What makes the Trilogy 100 perfect for me is the ability for the respiratory therapists to turn off as many alarms as possible. There are only a few alarms that cannot be turned off but they are the important ones to me. I believe every alarm is turned off on my machine except for the circuit disconnect and possibly the low tidal volume. I don’t have any problem with my breathing that would cause the other alarms to go off for anything serious.
Other ventilators force the user to have most of the alarms turned on and that is one of the reasons why I never used a real ventilator (as opposed to a BiPAP) because it would set off every alarm at the slightest change in my breathing — even if I talked while using the ventilator the alarms would be set off. No one in my house, including me, could get much rest with the alarms going off every few minutes.
I believe the reason we are able to turn the alarms off is because of the Trilogy 100 is in BiPAP mode; most of the alarms are still required if the ventilator mode is used. In all actuality, I always prefer the way BiPAP machines allow me to take breaths when I want to without all of the alarms but, since BiPAP machines are not considered life support, manufacturers are not required to install backup power sources within the machine and I like backup power sources. Also, in order to get a nurse, I had to be on a ventilator that is considered life support. Luckily my respiratory therapist learned of the Trilogy 100 in the nick of time for a nurse and gave me the best of both worlds: a ventilator that is considered life support with backup power sources and the ability to act like a BiPAP.
The Trilogy 100 is the quietest ventilator I have ever used. Another reason for my not wanting to use ventilators in the past is because they were so loud that they sounded like helicopters taking off. How do doctors and manufacturers expect patients to sleep next to a machine as loud as a vacuum cleaner? I was surprised when I first turned the Trilogy 100 on and it was whisper quiet, almost exactly as quiet as a BiPAP. I can finally use a ventilator and be able to sleep next to it!

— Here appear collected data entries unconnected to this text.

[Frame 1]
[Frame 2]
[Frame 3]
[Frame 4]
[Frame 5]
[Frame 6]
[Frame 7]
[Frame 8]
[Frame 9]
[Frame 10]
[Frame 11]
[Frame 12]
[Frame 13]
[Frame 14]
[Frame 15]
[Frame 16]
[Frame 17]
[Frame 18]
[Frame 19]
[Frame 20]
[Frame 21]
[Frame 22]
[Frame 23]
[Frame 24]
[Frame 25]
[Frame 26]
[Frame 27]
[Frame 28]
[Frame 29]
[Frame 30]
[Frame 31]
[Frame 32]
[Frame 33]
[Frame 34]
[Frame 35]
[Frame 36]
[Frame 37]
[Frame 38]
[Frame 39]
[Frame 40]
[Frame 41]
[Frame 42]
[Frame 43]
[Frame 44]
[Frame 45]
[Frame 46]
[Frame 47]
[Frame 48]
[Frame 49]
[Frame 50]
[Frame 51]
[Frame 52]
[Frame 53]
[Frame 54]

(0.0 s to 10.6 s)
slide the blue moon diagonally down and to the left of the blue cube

While a quiet ventilator is a great thing, the alarms need to be the opposite and sound as loud as they can be so caregivers can hear them if they are in another room. There is a volume control for the alarms that can be turned up very loud are down to an acceptable level but never completely off. The alarm is very loud when it goes off as it should be, so it allows me to feel safer knowing that help will be alerted that something is wrong and caregivers can quickly come and fix the problem.
The alarms can also be connected to a remote system for monitoring in another room. This is great for hospitals and in the home because the patient has privacy without someone being required to be in the same room to monitor the ventilator.

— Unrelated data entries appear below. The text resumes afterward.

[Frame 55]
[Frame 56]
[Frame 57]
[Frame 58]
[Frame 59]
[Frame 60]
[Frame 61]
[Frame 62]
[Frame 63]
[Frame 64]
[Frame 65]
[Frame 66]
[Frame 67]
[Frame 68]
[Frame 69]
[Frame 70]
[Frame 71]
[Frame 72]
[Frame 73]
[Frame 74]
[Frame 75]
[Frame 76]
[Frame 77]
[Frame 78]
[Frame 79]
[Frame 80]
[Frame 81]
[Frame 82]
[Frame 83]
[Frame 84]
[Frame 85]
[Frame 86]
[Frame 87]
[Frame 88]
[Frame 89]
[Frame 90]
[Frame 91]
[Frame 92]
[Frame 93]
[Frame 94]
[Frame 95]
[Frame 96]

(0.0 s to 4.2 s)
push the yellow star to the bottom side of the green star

I have been using the same exact Trilogy 100 for a little over one year without a problem. The menu lock, backup power sources, and loud alarms all give me a sense of security and safety allowing my caregivers, family, and me to not worry about power outages, accidentally changing settings, and not hearing the alarms. At the same time, it offers a portable ventilator that acts as a BiPAP while maintaining the level of life support that does not interfere as much with my life. I highly recommend patients, caregivers, doctors, and respiratory therapists involved with the use of ventilators to try the Trilogy 100 and see if it suits your needs better than other ventilators. [Note that there is now a Trilogy 200 on the market with even more features.]